* _About this exercise_
Write out the records in full, exactly as given, but without the images.
[Records supplied Boundary: Start]
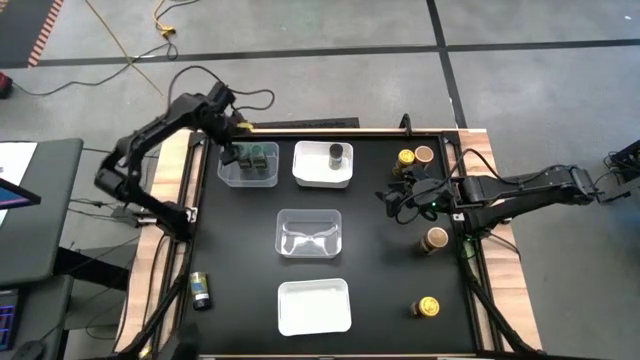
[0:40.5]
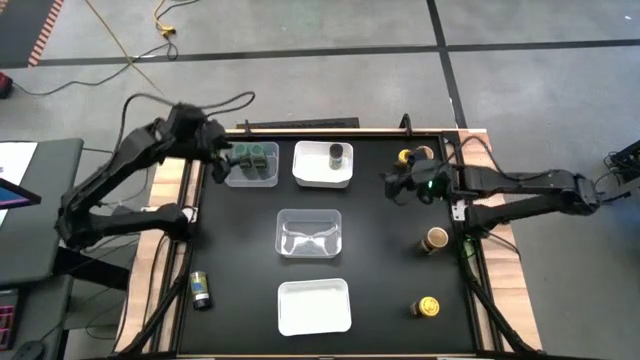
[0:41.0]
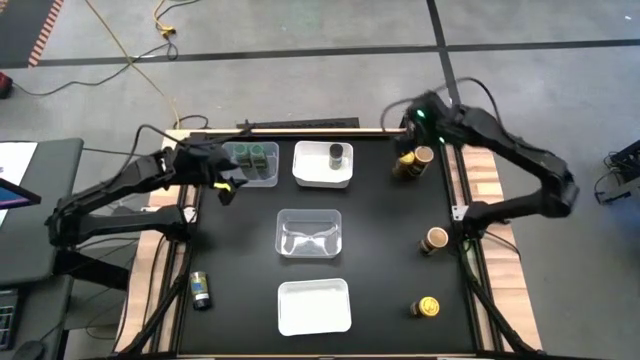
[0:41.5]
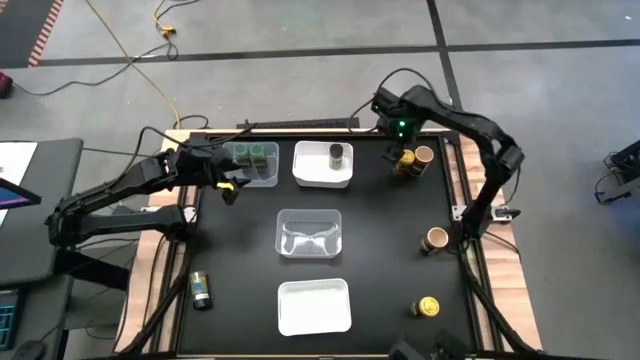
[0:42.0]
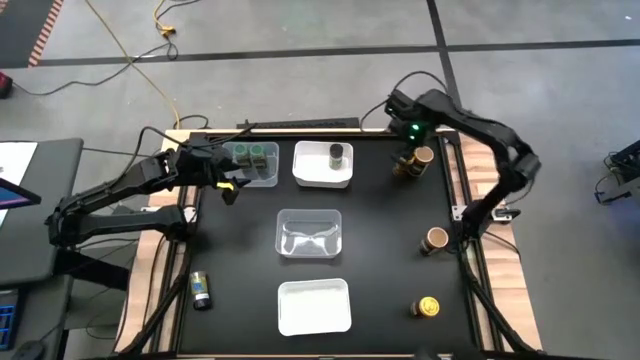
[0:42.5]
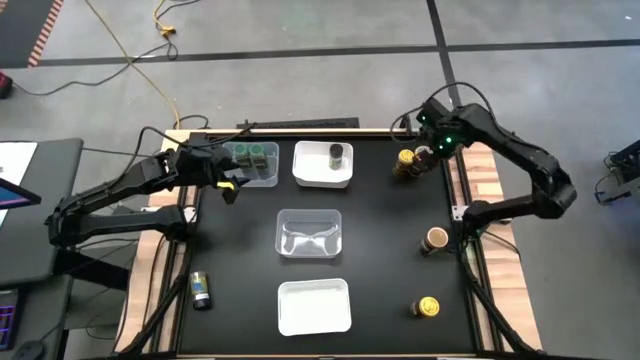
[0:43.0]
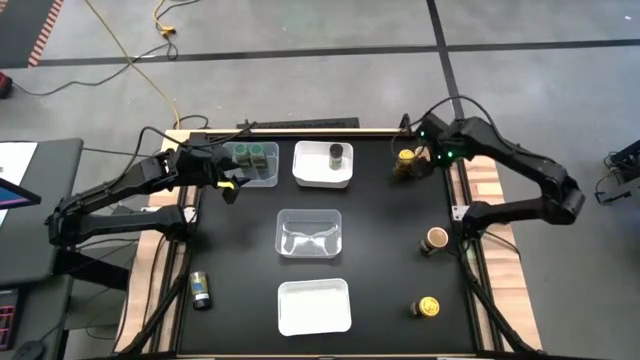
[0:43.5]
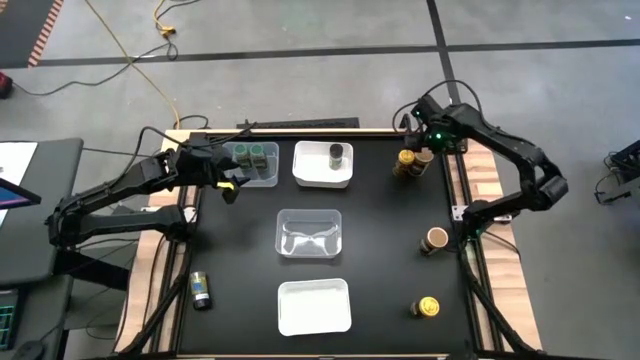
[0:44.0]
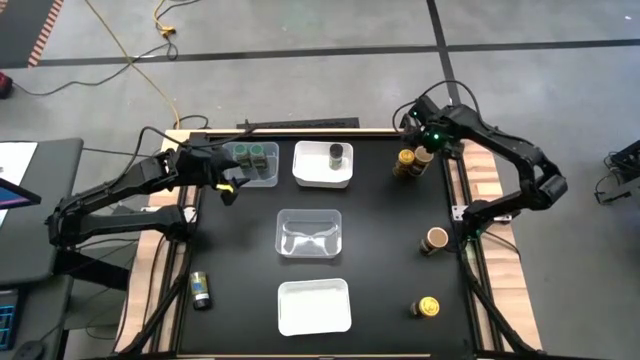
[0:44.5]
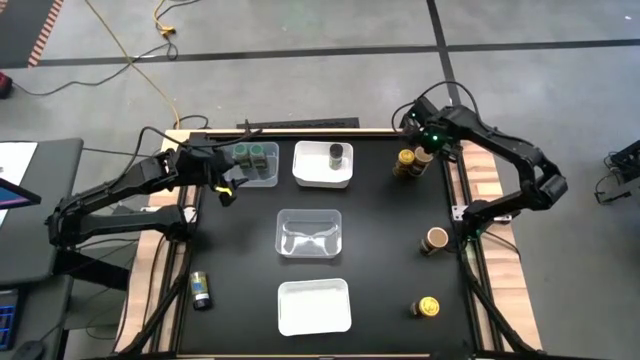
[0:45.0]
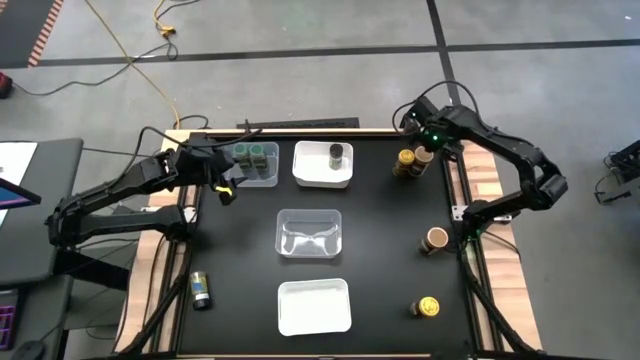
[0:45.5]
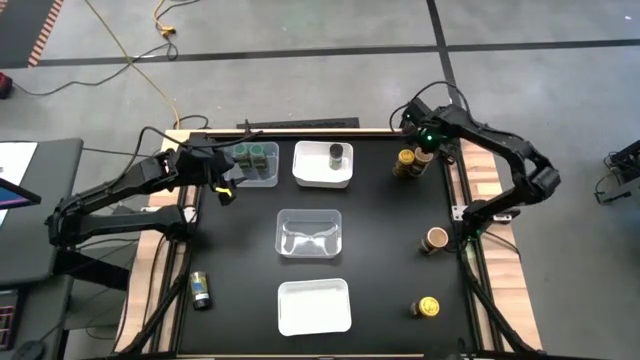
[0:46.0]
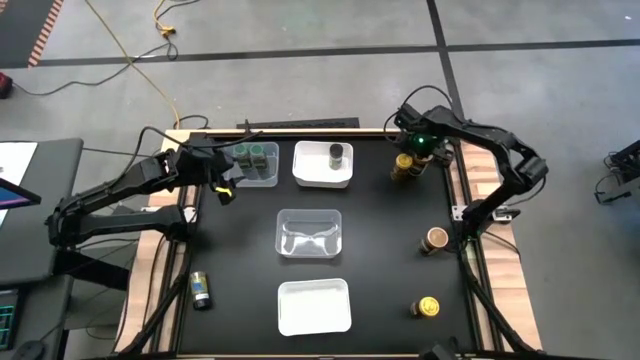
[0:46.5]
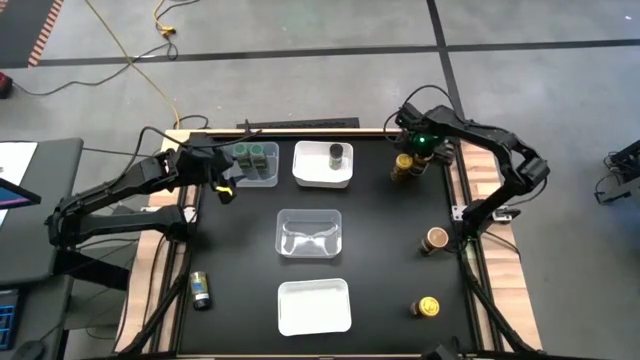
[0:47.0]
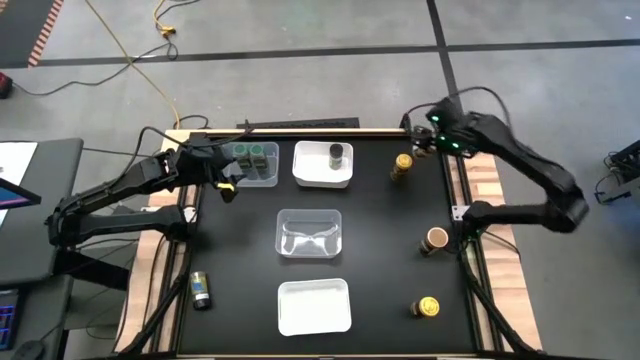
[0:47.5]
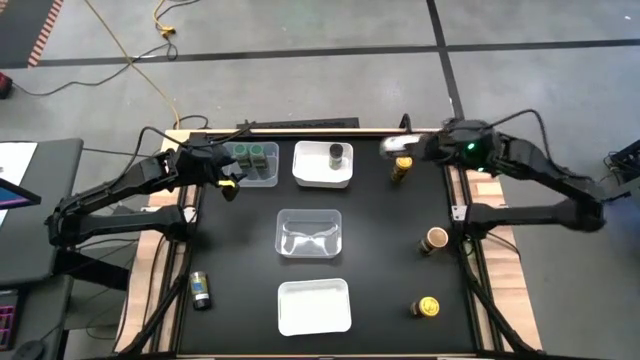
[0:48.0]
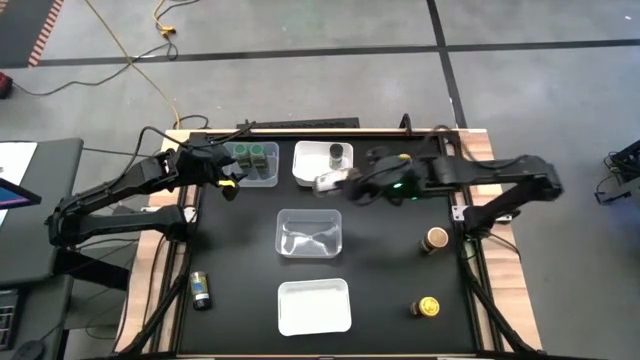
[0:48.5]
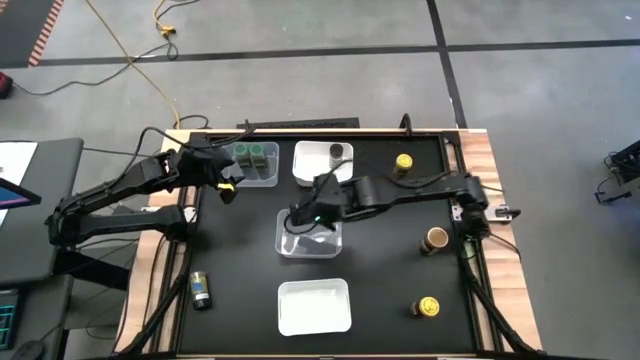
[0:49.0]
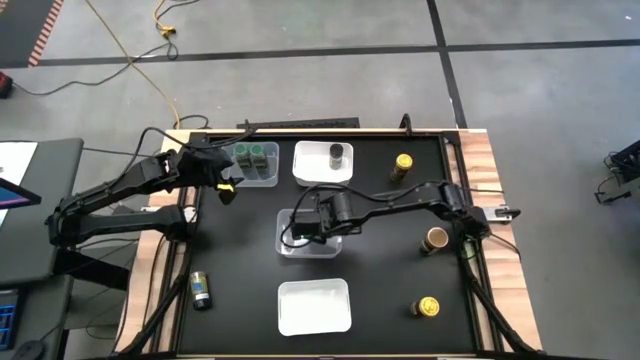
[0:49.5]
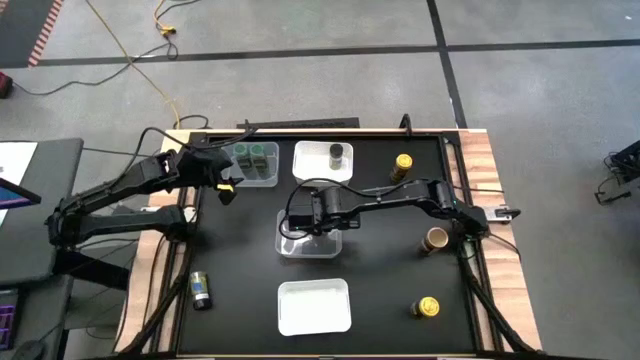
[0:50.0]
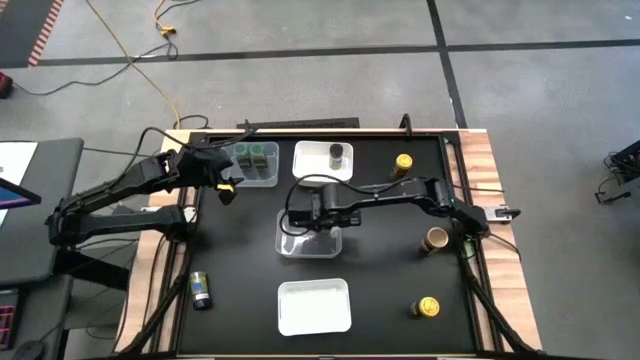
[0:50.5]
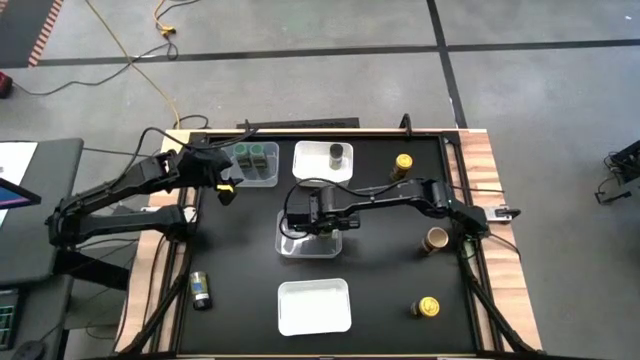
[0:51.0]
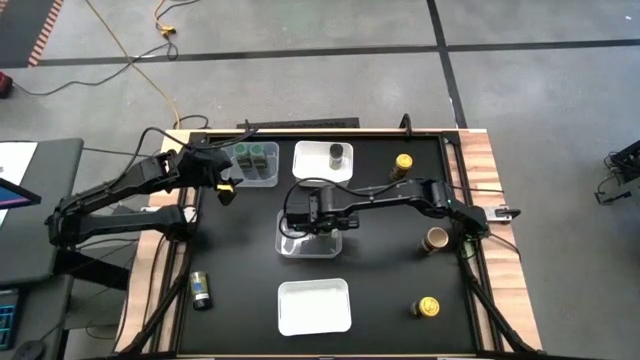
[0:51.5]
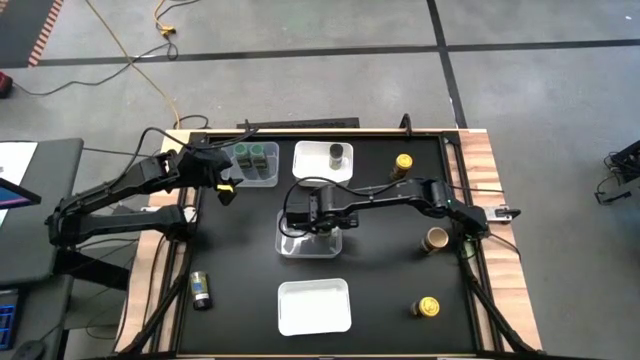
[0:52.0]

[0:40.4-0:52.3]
Task: Sort spices by type
Put the top brown seasoning bottle into the bottom transparent bin
[Records supplied Boundary: End]
* _Finished exercise_
[0:40.5]
[0:41.0]
[0:41.5]
[0:42.0]
[0:42.5]
[0:43.0]
[0:43.5]
[0:44.0]
[0:44.5]
[0:45.0]
[0:45.5]
[0:46.0]
[0:46.5]
[0:47.0]
[0:47.5]
[0:48.0]
[0:48.5]
[0:49.0]
[0:49.5]
[0:50.0]
[0:50.5]
[0:51.0]
[0:51.5]
[0:52.0]

[0:40.4-0:52.3]
Task: Sort spices by type
Put the top brown seasoning bottle into the bottom transparent bin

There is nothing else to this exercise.